The CCPA argues that the plain language of the statute unconstitutionally restricts a civil attorney's right to join a union protected by the free association clause of the First Amendment. See generally Smith v. Arkansas State Highway Emp., Local 1315, 441 U.S. 463, 464-65 (1979) ("The public employee surely can associate and speak freely and petition openly, and he is protected by the First Amendment from retaliation from doing so."). The CCPA also argues that the statute violates the contract clauses of the federal and Nevada constitutions. See generally U.S. Trust Co. of N.Y. v. New Jersey, 431 U.S. 1 (1977).
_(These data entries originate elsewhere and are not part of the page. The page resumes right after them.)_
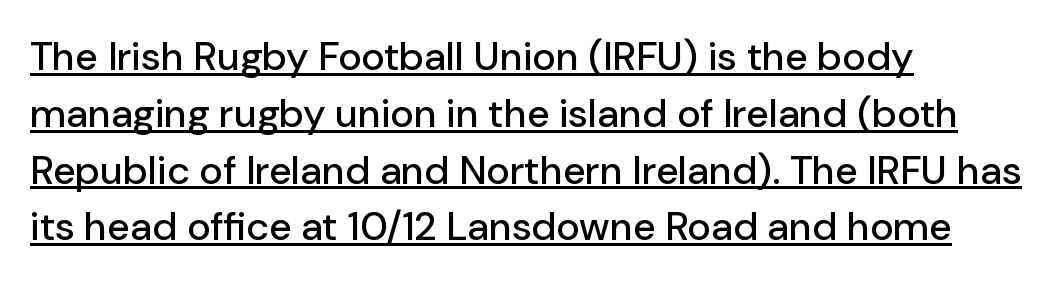
Q: Is the text italic (slanted)? A: No, it is upright.
Q: Is the typeface a serif or a sans-serif typeface? A: Sans-serif.
Q: Is the text underlined? A: Yes.
Q: How is the paragraph aligned? A: Left-aligned.
Q: Is the spacing between letters normal or unusually wide? A: Normal.
Q: Is the spacing between lines tight, normal or loose? A: Normal.
Q: Width (condensed, normal, or wide)? A: Normal.
Q: Stroke contrast? A: Low.
Q: x-height? A: Medium.
Q: Monospaced? A: No.
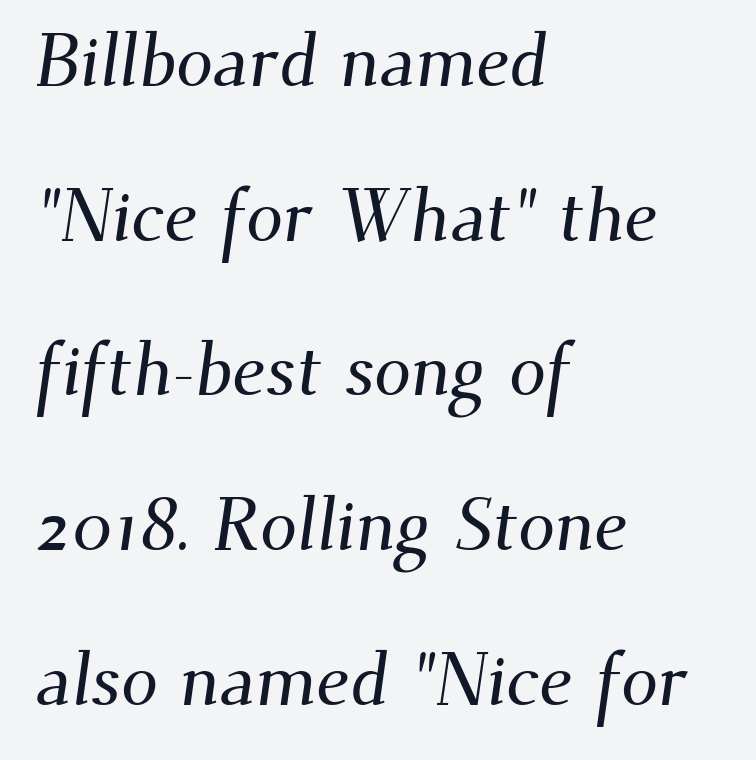
Q: Is the typeface a serif or a sans-serif typeface? A: Serif.
Q: Is the text underlined? A: No.
Q: How is the paragraph aligned? A: Left-aligned.
Q: Is the spacing between letters normal or unusually wide? A: Normal.
Q: Is the spacing between lines tight, normal or loose? A: Loose.
Q: Width (condensed, normal, or wide)? A: Normal.
Q: Stroke contrast? A: Medium.
Q: x-height? A: Small.
Q: Monospaced? A: No.
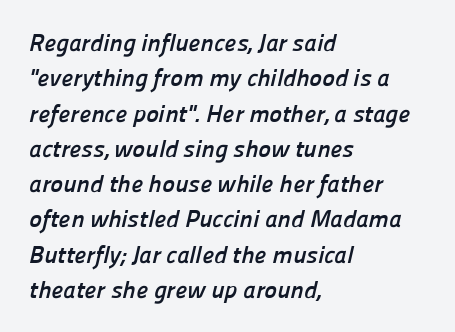
Nobody drew a line under any word here. If you drew a ruler down the left edge, every line would touch it. Is the type bold? Yes — the strokes are clearly thick and heavy. The tracking reads as untouched default to a designer's eye. Rows of type keep a routine distance in the vertical direction.

The county argues that the statute, as properly interpreted, restricts civil attorneys from joining a bargaining unit, which is not constitutionally protected. See generally Smith, 441 U.S. at 465 ("But the First Amendment does not impose any affirmative obligation on the government to listen, to respond or, in this context, to recognize the association and bargain with it."). According to the county, the statute permits civil attorneys to join any union of their choice. Finally, the county argues that the statute, by its plain terms, does not violate the contracts clause. The court agrees with the county for the reasons set forth infra.

a. Freedom of Association

When an administrative agency is tasked with interpreting certain statutes, deference should be given to the administrative agency's prior construction of language in the statute at issue. See Bragdon v. Abbott, 524 U.S. 624, 645 (1998) ("When administrative and judicial interpretations have settled the meaning of an existing statutory provision, repetition of the same language in a new statute indicates, as a general matter, the intent to incorporate its administrative and judicial interpretations as well."); see generally UMC Physicians' Bargaining Unit of Nevada Serv. Emps. Union v. Nevada Serv. Emps. Union/SEIU Local 1107, AFL-CIO, 178 P.3d 709, 712 (Nev. 2008) ("We will defer to an administrative body's interpretations of its governing statutes or regulations only if the interpretation is within the language of the statute.").

In Nevada, the EMRB is tasked with interpreting the statutes in NRS chapter 288. See NRS 288.110(2) ("The Board may hear and determine any complaint arising out of the interpretation of, or performance under, the provisions of this chapter by any local government employer, local government employee or employee organization.").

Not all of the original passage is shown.